ECLI:NL:RBDHA:2022:4648
Rechtbank Den Haag
- Eerste aanleg - enkelvoudig
- Rechtspraak.nl
Asielaanvragen van een Azerbeidzjaans gezin met banden aan de Gülenbeweging en de afwijzing door de Staatssecretaris van Justitie en Veiligheid
In deze zaak heeft de Rechtbank Den Haag uitspraak gedaan over de asielaanvragen van een Azerbeidzjaans gezin, dat vreesde voor vervolging in hun thuisland vanwege hun banden met de Gülenbeweging. De aanvragen werden afgewezen door de Staatssecretaris van Justitie en Veiligheid, die de aanvragen als kennelijk ongegrond bestempelde.

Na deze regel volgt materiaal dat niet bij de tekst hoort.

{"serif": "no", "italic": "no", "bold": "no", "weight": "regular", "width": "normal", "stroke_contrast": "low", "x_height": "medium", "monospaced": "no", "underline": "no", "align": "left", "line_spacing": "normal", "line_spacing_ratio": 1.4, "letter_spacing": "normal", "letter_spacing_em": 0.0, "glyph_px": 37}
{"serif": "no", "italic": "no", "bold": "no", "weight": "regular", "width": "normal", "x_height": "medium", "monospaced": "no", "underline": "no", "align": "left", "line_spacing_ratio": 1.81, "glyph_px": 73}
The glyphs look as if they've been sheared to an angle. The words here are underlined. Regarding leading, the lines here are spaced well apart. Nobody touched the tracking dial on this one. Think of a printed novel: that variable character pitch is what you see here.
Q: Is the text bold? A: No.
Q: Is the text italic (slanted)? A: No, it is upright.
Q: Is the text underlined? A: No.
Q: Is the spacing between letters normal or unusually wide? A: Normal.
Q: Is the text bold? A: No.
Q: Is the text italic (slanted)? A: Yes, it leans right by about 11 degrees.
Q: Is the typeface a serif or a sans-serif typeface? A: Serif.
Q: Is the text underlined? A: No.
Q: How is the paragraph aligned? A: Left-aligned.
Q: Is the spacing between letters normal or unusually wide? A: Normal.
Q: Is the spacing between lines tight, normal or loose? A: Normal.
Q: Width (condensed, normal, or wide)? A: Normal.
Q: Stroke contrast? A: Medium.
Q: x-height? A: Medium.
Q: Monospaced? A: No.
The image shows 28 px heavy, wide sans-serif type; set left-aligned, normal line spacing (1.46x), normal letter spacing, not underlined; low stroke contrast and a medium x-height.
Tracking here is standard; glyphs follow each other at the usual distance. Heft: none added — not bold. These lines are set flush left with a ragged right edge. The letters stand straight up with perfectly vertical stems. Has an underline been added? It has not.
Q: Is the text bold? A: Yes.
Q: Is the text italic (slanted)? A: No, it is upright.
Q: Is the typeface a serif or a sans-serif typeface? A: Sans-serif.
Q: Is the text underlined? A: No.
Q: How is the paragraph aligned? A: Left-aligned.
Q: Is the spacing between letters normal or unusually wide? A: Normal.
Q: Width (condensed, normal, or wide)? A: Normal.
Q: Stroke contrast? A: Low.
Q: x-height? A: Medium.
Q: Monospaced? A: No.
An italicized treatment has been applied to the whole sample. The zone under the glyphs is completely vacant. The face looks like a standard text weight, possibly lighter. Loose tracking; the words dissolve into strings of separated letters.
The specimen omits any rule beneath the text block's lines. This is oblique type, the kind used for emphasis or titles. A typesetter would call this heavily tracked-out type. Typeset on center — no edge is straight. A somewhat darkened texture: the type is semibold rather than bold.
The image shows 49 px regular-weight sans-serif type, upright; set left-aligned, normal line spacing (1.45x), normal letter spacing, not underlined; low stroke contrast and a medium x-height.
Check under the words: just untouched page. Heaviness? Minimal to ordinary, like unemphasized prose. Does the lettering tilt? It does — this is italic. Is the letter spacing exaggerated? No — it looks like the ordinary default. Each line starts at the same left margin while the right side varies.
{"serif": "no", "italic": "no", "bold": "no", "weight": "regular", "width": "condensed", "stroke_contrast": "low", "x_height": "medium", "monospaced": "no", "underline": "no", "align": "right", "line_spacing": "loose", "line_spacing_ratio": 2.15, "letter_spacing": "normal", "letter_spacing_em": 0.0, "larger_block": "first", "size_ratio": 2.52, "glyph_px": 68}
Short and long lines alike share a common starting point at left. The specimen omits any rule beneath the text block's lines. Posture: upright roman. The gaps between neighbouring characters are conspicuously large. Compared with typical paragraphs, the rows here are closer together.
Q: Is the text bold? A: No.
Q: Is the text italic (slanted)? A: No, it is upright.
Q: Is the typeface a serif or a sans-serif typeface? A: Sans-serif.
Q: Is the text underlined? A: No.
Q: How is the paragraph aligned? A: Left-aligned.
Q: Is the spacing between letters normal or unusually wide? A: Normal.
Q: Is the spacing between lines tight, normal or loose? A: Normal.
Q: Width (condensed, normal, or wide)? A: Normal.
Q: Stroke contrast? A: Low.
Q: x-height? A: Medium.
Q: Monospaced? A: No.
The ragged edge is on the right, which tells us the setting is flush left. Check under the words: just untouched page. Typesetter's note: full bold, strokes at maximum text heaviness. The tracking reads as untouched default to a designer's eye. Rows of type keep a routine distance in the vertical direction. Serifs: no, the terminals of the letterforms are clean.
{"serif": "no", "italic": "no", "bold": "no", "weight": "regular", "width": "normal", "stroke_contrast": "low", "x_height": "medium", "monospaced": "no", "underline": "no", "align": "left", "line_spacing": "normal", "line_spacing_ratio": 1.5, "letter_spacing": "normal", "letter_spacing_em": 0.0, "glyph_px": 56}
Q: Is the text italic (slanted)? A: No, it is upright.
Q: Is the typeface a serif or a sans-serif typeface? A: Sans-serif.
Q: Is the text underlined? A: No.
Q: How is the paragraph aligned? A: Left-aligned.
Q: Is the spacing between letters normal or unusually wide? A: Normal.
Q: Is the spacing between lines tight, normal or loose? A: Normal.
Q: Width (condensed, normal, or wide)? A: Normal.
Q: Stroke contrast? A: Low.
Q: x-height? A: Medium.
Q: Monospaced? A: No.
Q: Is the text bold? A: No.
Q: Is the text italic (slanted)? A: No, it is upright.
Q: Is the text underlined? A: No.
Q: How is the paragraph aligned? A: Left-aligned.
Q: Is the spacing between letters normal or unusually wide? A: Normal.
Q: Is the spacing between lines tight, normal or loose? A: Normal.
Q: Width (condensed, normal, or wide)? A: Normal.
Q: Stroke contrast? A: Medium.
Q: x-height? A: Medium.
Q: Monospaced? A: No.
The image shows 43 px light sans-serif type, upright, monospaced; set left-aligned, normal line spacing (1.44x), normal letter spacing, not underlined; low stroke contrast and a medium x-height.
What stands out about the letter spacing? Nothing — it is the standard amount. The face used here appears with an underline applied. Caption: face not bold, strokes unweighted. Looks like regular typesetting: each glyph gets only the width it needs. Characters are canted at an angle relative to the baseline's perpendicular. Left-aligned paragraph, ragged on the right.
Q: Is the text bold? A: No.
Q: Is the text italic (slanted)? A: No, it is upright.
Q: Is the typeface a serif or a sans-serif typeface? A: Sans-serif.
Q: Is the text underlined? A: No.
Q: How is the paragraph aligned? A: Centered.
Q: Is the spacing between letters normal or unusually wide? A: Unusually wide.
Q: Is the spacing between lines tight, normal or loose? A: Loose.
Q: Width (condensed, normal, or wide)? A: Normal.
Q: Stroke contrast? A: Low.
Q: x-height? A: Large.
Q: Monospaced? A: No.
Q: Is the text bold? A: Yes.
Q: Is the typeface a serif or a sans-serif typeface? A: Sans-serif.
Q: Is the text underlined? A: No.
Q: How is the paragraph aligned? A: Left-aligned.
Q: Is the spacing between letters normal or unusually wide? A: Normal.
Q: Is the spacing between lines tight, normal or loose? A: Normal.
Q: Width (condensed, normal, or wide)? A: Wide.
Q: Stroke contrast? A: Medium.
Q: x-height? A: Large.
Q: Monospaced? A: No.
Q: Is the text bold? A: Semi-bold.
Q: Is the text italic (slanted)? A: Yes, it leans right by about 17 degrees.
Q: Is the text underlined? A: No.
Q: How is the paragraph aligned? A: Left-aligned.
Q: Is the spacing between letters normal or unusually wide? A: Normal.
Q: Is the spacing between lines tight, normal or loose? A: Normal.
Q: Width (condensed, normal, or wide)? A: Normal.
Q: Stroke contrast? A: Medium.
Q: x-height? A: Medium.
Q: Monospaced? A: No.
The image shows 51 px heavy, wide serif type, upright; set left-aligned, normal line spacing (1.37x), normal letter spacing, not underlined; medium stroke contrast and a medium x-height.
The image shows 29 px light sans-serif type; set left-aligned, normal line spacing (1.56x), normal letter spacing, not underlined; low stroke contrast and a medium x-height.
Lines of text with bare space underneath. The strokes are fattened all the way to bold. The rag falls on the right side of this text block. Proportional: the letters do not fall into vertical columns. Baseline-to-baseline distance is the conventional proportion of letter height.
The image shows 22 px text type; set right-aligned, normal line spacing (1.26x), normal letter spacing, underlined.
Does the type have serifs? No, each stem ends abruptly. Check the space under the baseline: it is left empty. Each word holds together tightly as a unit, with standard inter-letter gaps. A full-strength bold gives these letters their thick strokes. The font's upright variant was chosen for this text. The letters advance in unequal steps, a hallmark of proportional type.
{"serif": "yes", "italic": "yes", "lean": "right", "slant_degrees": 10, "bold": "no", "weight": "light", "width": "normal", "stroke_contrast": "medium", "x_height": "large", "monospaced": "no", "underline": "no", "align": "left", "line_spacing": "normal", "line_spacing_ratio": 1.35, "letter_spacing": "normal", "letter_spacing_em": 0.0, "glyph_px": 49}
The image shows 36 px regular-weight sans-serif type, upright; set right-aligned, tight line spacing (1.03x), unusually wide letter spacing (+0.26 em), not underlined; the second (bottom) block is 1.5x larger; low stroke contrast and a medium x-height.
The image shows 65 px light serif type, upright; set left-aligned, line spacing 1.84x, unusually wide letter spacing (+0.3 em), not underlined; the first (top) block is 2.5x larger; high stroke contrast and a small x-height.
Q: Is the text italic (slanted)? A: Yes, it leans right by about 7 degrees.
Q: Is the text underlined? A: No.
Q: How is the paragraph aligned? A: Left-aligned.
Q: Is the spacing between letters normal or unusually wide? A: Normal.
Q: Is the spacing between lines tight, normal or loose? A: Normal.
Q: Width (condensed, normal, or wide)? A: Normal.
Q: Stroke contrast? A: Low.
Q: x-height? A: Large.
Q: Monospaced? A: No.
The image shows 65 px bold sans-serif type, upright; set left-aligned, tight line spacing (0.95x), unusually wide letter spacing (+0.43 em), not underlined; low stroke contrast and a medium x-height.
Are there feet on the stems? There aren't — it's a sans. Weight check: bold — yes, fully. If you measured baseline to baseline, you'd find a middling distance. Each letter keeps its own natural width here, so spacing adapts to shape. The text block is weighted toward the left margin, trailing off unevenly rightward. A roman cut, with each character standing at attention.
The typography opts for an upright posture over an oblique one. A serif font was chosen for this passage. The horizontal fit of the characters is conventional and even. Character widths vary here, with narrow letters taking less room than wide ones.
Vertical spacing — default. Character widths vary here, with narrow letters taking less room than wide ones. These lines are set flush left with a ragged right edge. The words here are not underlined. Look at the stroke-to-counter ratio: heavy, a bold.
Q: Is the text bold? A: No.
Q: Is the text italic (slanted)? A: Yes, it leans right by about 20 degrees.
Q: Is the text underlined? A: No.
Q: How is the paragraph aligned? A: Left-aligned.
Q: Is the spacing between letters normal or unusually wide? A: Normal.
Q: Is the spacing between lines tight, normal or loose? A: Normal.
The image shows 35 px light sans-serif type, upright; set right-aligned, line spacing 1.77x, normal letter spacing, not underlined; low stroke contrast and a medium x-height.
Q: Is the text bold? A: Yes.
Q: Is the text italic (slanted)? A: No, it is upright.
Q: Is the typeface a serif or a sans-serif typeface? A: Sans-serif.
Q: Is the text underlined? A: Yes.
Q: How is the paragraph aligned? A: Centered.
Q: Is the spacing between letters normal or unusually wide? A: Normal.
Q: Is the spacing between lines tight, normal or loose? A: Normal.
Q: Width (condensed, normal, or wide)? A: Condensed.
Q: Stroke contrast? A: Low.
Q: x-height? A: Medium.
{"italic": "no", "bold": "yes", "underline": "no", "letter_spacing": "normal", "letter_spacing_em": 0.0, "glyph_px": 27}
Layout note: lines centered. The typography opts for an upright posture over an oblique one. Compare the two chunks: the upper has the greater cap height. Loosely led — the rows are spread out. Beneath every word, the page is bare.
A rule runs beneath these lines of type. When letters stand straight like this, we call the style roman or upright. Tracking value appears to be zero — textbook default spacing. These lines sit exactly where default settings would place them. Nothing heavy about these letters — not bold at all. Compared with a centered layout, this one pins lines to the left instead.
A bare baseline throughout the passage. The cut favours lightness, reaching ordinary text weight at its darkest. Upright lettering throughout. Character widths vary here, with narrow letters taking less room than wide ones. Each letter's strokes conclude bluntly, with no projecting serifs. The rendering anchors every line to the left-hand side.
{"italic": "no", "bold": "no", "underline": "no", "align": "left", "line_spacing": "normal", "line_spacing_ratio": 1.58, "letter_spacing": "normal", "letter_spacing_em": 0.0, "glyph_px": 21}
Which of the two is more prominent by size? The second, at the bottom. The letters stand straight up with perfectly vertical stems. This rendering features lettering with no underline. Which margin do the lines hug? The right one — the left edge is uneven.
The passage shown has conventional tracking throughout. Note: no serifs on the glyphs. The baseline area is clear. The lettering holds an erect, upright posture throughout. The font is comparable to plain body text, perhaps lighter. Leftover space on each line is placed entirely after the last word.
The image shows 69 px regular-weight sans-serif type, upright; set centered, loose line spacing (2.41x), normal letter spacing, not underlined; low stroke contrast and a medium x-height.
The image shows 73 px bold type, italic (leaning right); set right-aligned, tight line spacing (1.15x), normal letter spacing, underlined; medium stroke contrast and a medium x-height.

De rechtbank heeft de beroepen van de eisers behandeld op 21 april 2022. Eiser, bijgestaan door zijn gemachtigde, was aanwezig via videoverbinding, terwijl eiseres niet verscheen. De rechtbank heeft vastgesteld dat de identiteit en nationaliteit van de eisers geloofwaardig zijn, evenals de aanhangigheid van de Gülenbeweging door eiser. Echter, de rechtbank oordeelde dat de Staatssecretaris onvoldoende had gemotiveerd waarom de vrees van eiser voor problemen met de veiligheidsdiensten bij terugkeer naar Azerbeidzjan niet aannemelijk was. De rechtbank heeft geconcludeerd dat de aannemelijkheidsbeoordeling van de Staatssecretaris niet zorgvuldig was en heeft de bestreden besluiten vernietigd. De rechtbank heeft verweerder opgedragen om binnen tien weken nieuwe besluiten te nemen op de asielaanvragen, waarbij de eerdere gebreken in acht moeten worden genomen. De rechtbank heeft ook de proceskosten van de eisers toegewezen, vastgesteld op € 1.518,-.